Nothing tastes better than breakfast. Anytime of the day. So, when Foodimentary alerted me that Mardi Gras was synonymous with Pancake Day, I absolutely had to have pancakes. Originally, I was to rely on my friend’s pre-made, terribly unhealthy pancake mix out of a box. Thankfully (for both our sakes), she had a paper to write.

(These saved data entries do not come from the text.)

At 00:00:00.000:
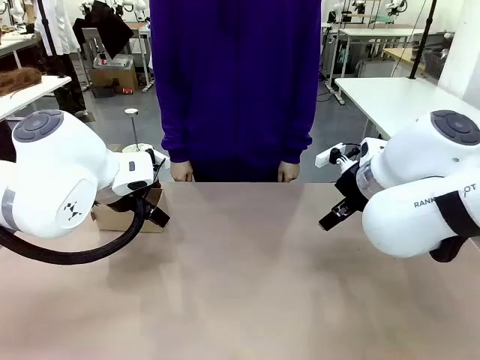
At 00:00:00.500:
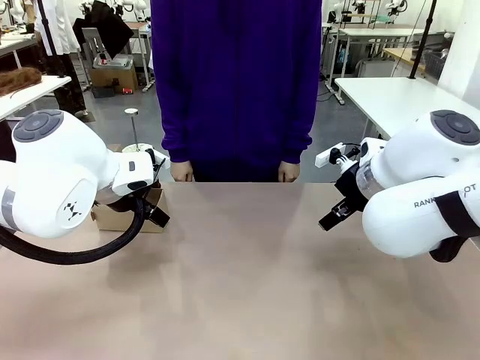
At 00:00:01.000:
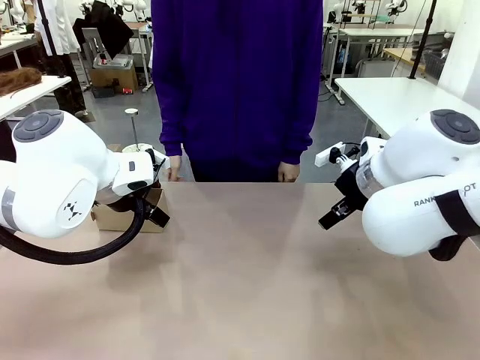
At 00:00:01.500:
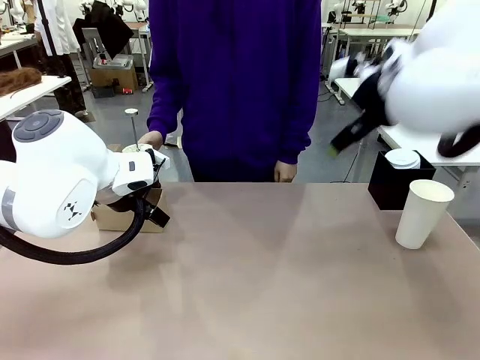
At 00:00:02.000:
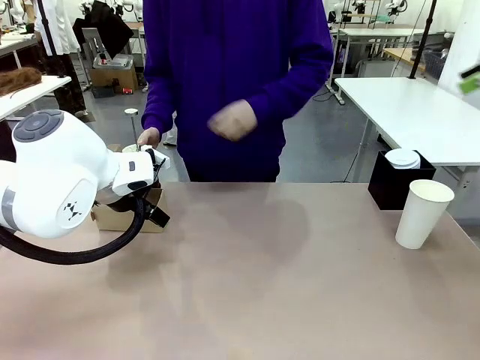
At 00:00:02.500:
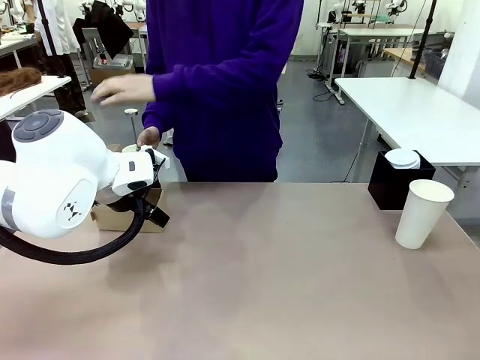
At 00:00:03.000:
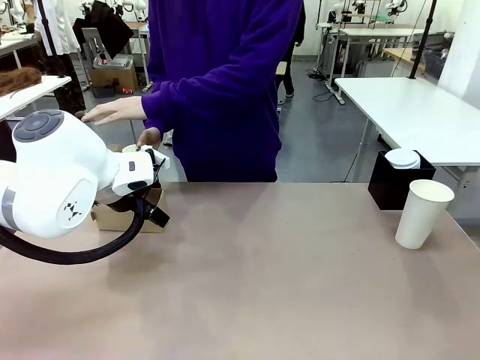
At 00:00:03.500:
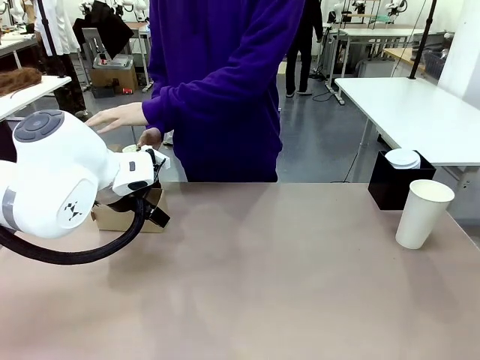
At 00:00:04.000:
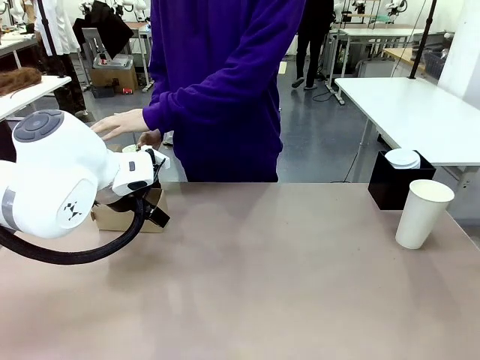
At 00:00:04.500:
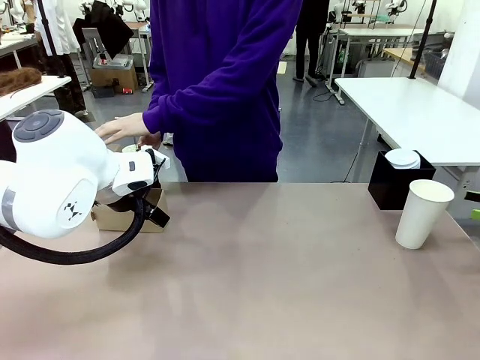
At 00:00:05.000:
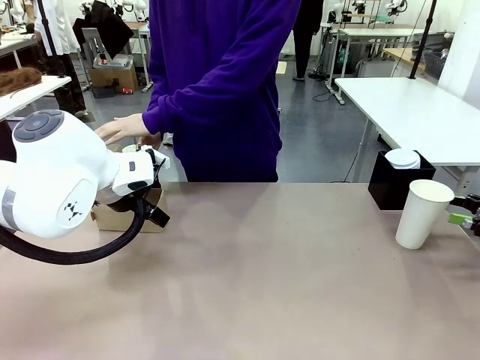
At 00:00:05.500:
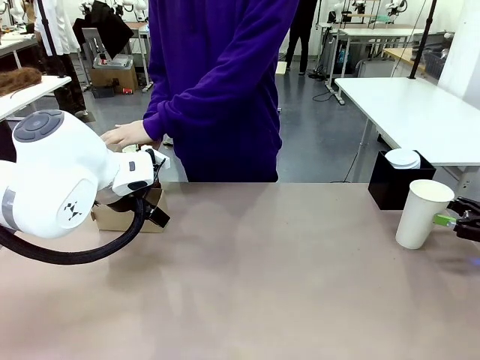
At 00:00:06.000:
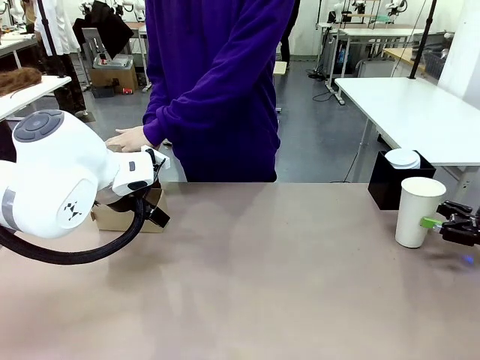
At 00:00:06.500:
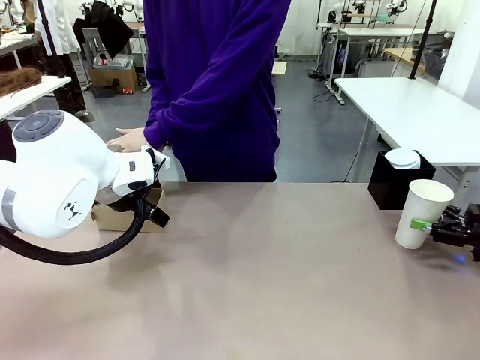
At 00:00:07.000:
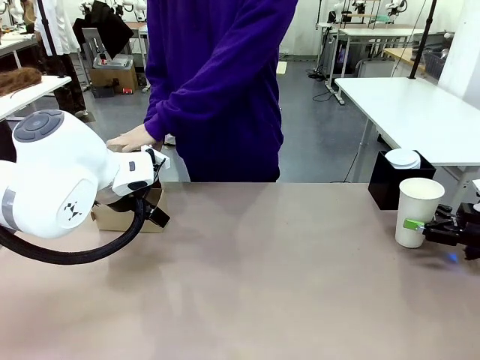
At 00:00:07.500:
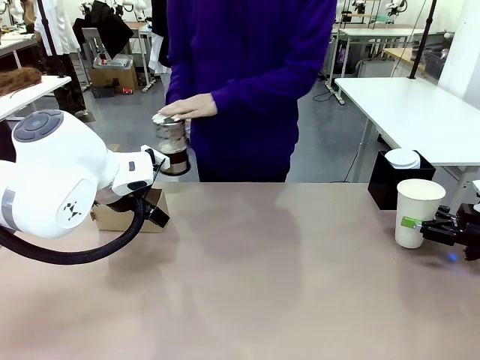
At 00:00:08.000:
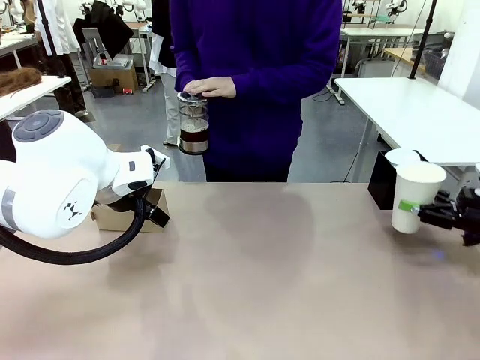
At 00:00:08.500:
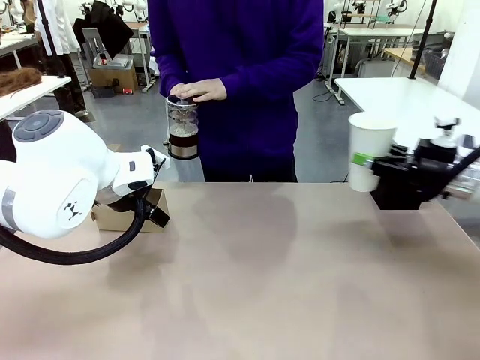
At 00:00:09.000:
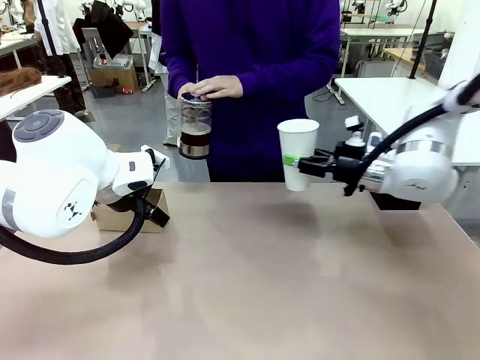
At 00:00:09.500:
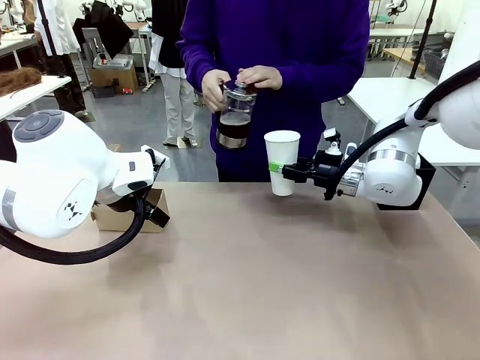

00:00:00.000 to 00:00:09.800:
Task: Pour a drink into a cup and package it in a carrier.
Robot: Pick up the 600 ml Paper Cup and place it in the middle top area of the table.
Person: Press and pick up the Filter Brewing.

Instead I crafted my own Pancake/Waffle mix recipe from scratch! Completely gluten, lactose, and butter free, the entire batter totaled 750 calories with about 7 pancakes total. At only about 110 calories per pancake, I would say this marvelous experiment was a complete and utter success! Not only can I make pancake batter from scratch, I can make it in less than 10 minutes.
Whether or not this is good overall is yet to be seen. Immediacy to pancakes would ruin them. As such, I won’t be making them often. That and I just found out that I can make egg crepes.
As in, I slightly beat an egg, spread it over the entire round surface of a pan like a crepe until it is very thin, and then flip it before it burns to create a solid disk of an egg. Egg crepes are now my new tortillas. Instant protein with all the versitility of a wrap.
However, this post is about Mardi Gras festivities in the form of pancakes. Savory and sweet! our pancakes had a lemon and lime and parsley. Not traditionally seen in American pancakes. They weren’t sweet; they were sweetened. Pancakes can get weighted down by their sugary texture. Using almond and soy milk along with brown rice flour lent a nutty foundation for our pancake batter that could be expanded in either direction. Ideal! No Calorie Xylitol Sweetener helped immensely in cutting the sugar calories to 0, without effecting taste. I even added a tad bit of flaxseed for that wonderful Omega-3 boost!
If I may say so, these pancakes were delicious, nutritious, and stupendous! Although Fat Tuesday felt like a Fat Tuesday, it wasn’t as calorie intensive as it could have been. In the end, isn’t that what this whole lent thing is about?